**EXERCISE DESCRIPTION:** Please give the entries again in full and exactly, without any picture.

□ □ □ □

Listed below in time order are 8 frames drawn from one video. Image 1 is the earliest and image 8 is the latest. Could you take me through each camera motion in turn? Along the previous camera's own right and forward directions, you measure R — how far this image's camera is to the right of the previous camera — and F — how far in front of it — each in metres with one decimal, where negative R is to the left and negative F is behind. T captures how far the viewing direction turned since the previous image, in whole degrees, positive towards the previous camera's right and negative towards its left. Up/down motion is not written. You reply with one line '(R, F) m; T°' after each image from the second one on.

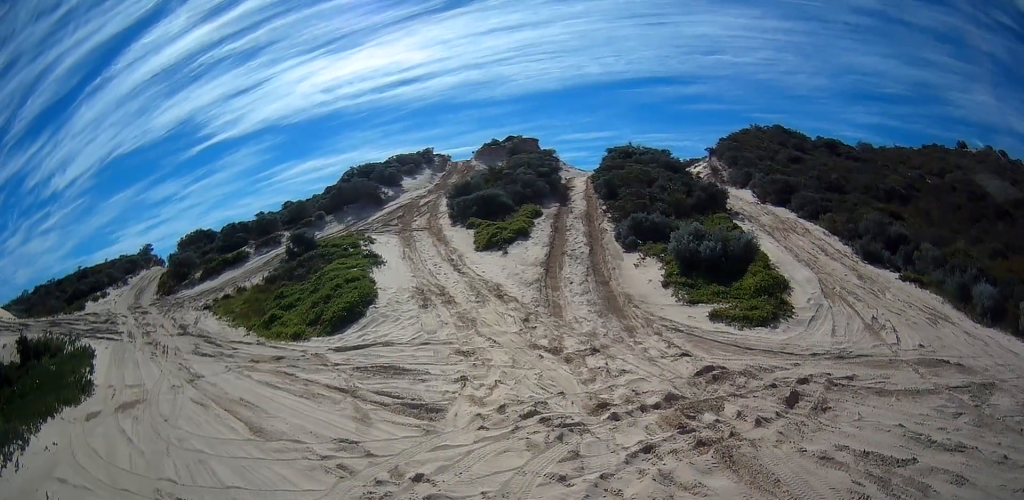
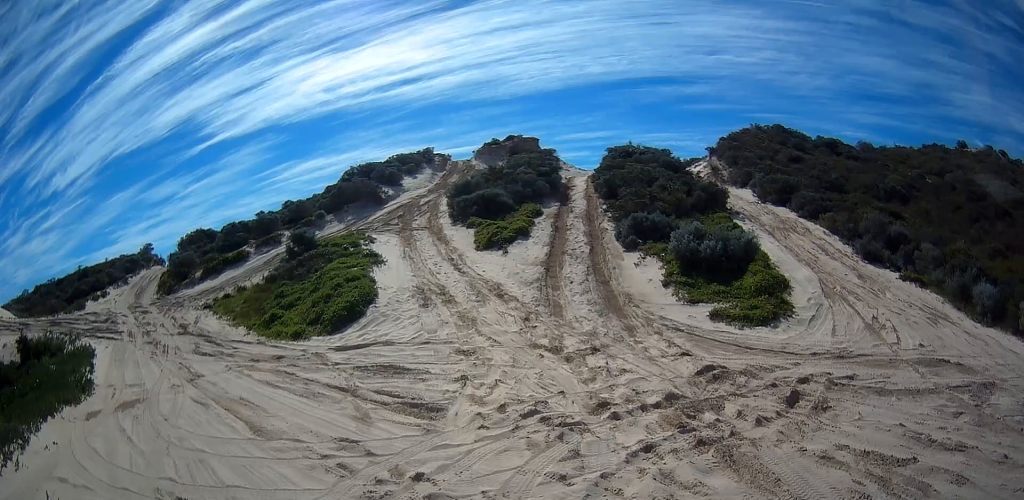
(0.0, +0.4) m; 0°
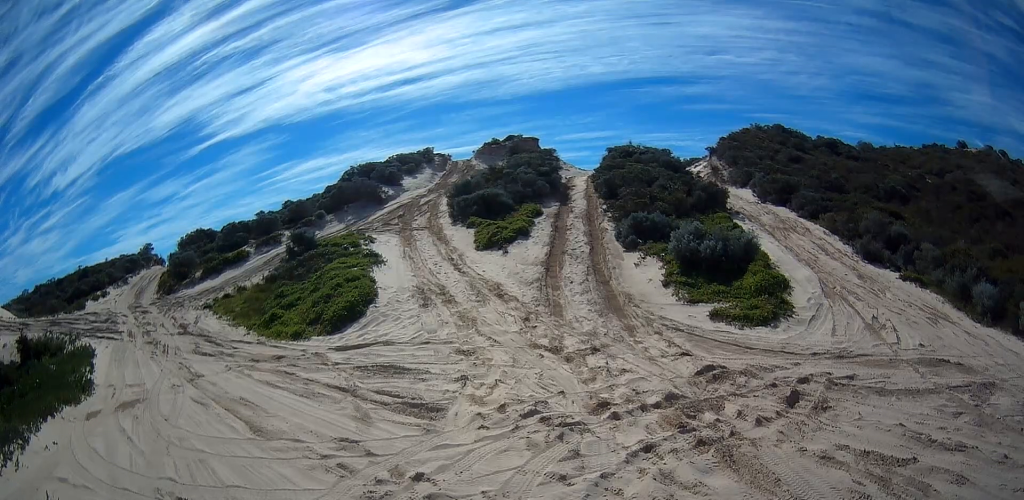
(0.0, 0.0) m; 0°
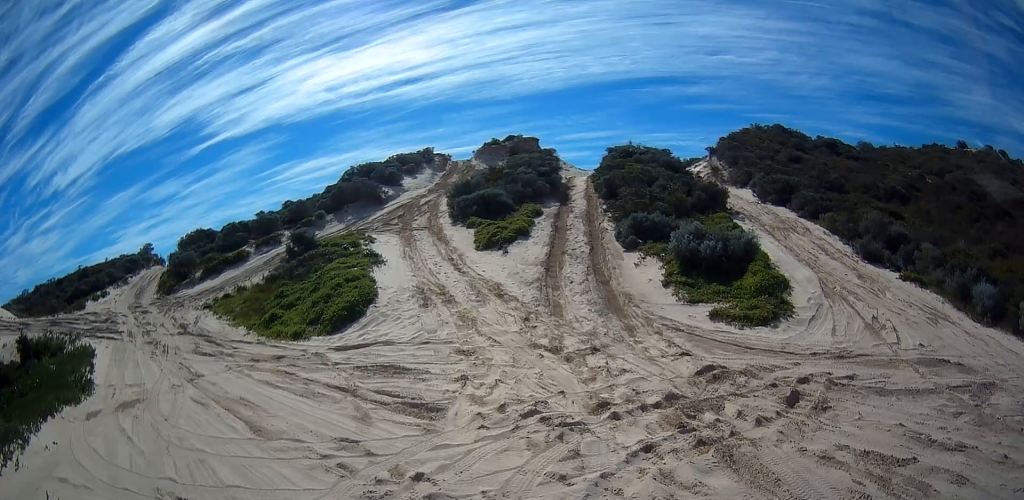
(0.0, 0.0) m; 0°
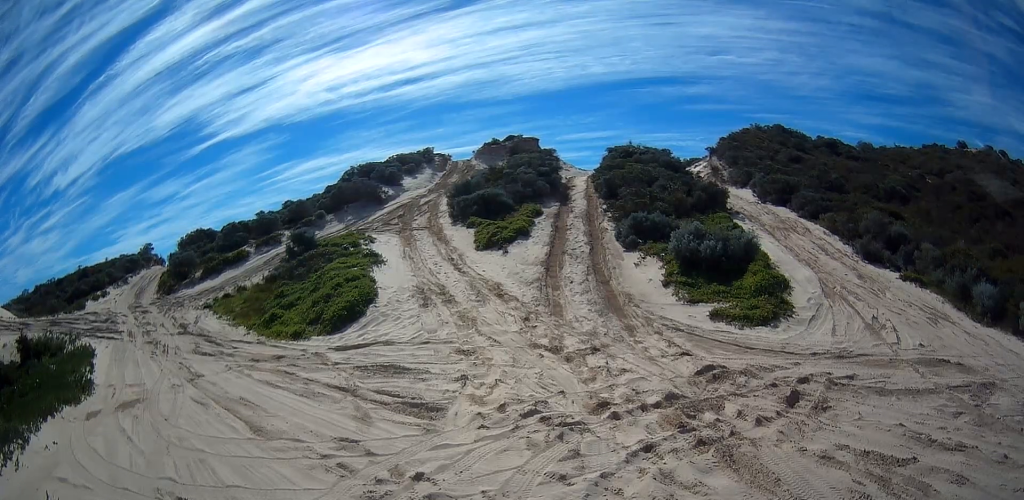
(0.0, 0.0) m; 0°
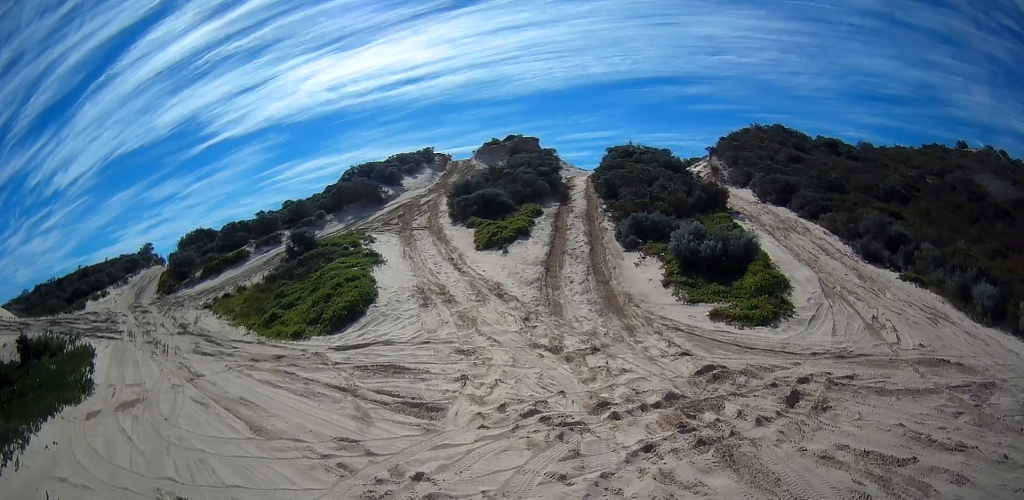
(0.0, 0.0) m; 0°
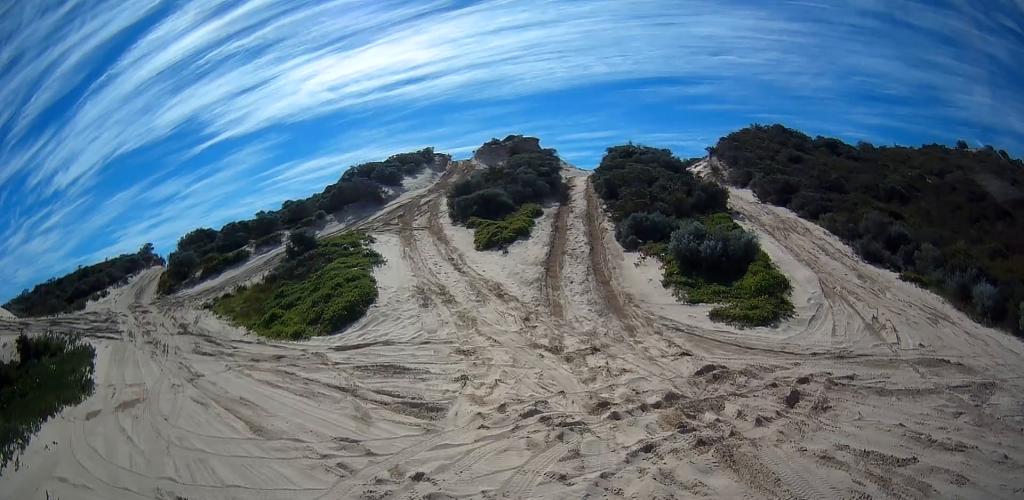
(0.0, 0.0) m; 0°
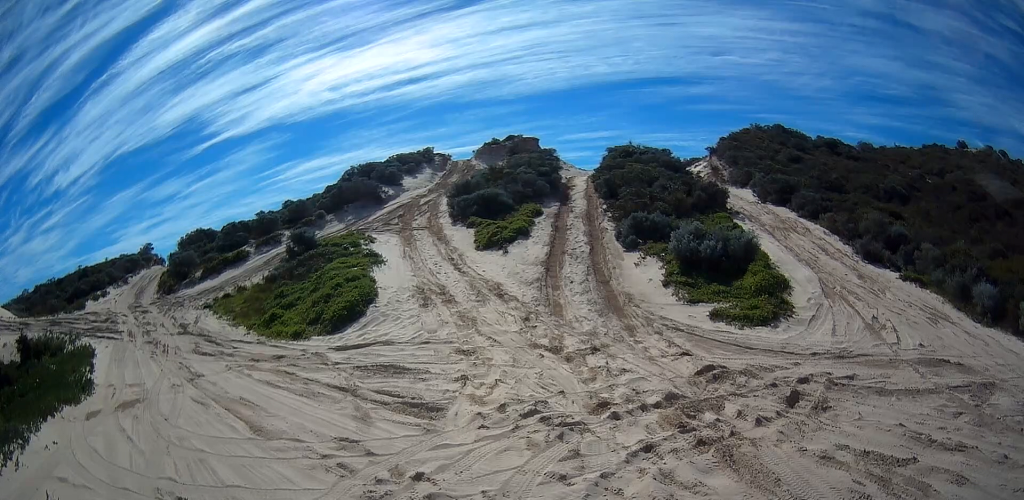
(0.0, 0.0) m; 0°

□ □ □ □

**EXERCISE SOLUTION:**
Listed below in time order are 8 frames drawn from one video. Image 1 is the earliest and image 8 is the latest. Could you take me through each camera motion in turn? Along the previous camera's own right and forward directions, you measure R — how far this image's camera is to the right of the previous camera — and F — how far in front of it — each in metres with one decimal, where negative R is to the left and negative F is behind. T captures how far the viewing direction turned since the previous image, in whole degrees, positive towards the previous camera's right and negative towards its left. Up/down motion is not written. You reply with one line '(R, F) m; T°' after each image from the second one on.

(0.0, +0.4) m; 0°
(0.0, 0.0) m; 0°
(0.0, 0.0) m; 0°
(0.0, 0.0) m; 0°
(0.0, 0.0) m; 0°
(0.0, 0.0) m; 0°
(0.0, 0.0) m; 0°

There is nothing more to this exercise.